Un monográfico y una exposición reevalúan la contribución de la artista estadounidense a la historia del medio a través de sus ‘fotocollages’

Deborah Turbeville
‘Château Raray’, Raray, Francia, 1985.Deborah Turbeville / MUUS Collection

Hace poco más de dos años, entre las miles de imágenes que componen el archivo de Deborah Turbeville (Boston, 1932- Nueva York, 2013), en manos de la Colección MUUS, apareció un manuscrito: Passport; Concerning the Disappearance of Alix P. junto con 136 fotocollages con el mismo título, Passport. Juntos componían una especie de fotonovela cuya secuenciación adquiría una doble lectura; autobiográfica y de ficción. Envuelta en una atmosfera oscura y misteriosa, cargada de una extraña belleza, su protagonista, Alix P, una solitaria diseñadora en la cúspide de su carrera, parece estar totalmente desconectada del mundo de la moda en el que transcurre su cotidianeidad. Realizada en los noventa, la pieza sigue el mismo patrón utilizado por la autora para dar forma a sus fotocollages. Práctica que le permitía dar rienda suelta a su vena experimental y en el que dejaba ver el alcance de un talento artístico que sobrepasa la etiqueta de fotógrafa de moda al que se ha visto reducida. De ahí que, un monográfico, Deborah Turbeville: Photocollage (Thames & Hudson) y una exposición retrospectiva, con el mismo título, celebrada en Photo Elysée (Lausana, Suiza), ofrecen una revaluación de la contribución de la artista estadounidense a la historia del medio fotográfico.

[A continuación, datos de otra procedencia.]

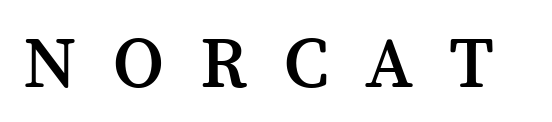
Q: Is the text italic (slanted)? A: No, it is upright.
Q: Is the typeface a serif or a sans-serif typeface? A: Serif.
Q: Is the text underlined? A: No.
Q: Is the spacing between letters normal or unusually wide? A: Unusually wide.
Q: Width (condensed, normal, or wide)? A: Normal.
Q: Stroke contrast? A: Medium.
Q: x-height? A: Medium.
Q: Monospaced? A: No.
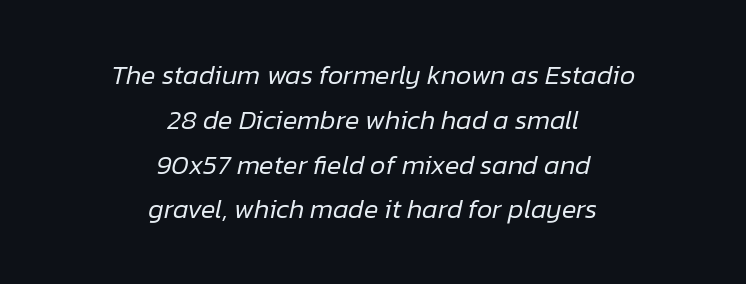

A lo largo de su trayectoria, Turbeville echó mano de su archivo para crear una serie de secuencias compuestas por contactos cortados, dobles exposiciones, negativos, copias impresas rasgadas, avejentadas de distintas formas y fotocopiadas. Todo ello sujeto, mediante alfileres en forma de T, sobre un fondo, frecuentemente vasto y tupido, consistente en un papel marrón. Acompañadas de pequeños textos, las imágenes daban forma a un pequeño relato de final abierto donde resuenan las voces apagadas de un tiempo pasado con la magia del cine mudo. “El carácter artesanal y su cualidad física otorgaban nuevas posibilidades a la fotografía”, advierte Nathalie Herschdorfer, comisaría de la muestra, en uno de los textos que se incluyen en el monográfico.

La fotógrafa “seguía la estela de la fotografía experimental de comienzos del siglo XX. Dentro de su manera de componer, el collage se convierte en un trabajo manual que la permite crear objetos tridimensionales”. No hay nada dejado al azar en la informalidad que desprenden las composiciones. Todo está pensado, cada elemento desempeña su función, aunque se trate de una historia que pueda ser reescrita alterando el orden de las imágenes. Unas imágenes pulidas a conciencia y previamente en el cuarto oscuro, donde florece la estética de la artista. Su obra es en realidad una meditación sobre el medio fotográfico, parte de la cual ha pasado desapercibida hasta la fecha y no admite encasillamiento. No se asemeja a la de ningún otro fotógrafo, escuela o movimiento “Tenía su propia técnica y estableció sus propias normas. Hoy se podría considerar a Turbeville como una de las voces más impactantes de la primera mitad del siglo XX”, destaca la comisaria.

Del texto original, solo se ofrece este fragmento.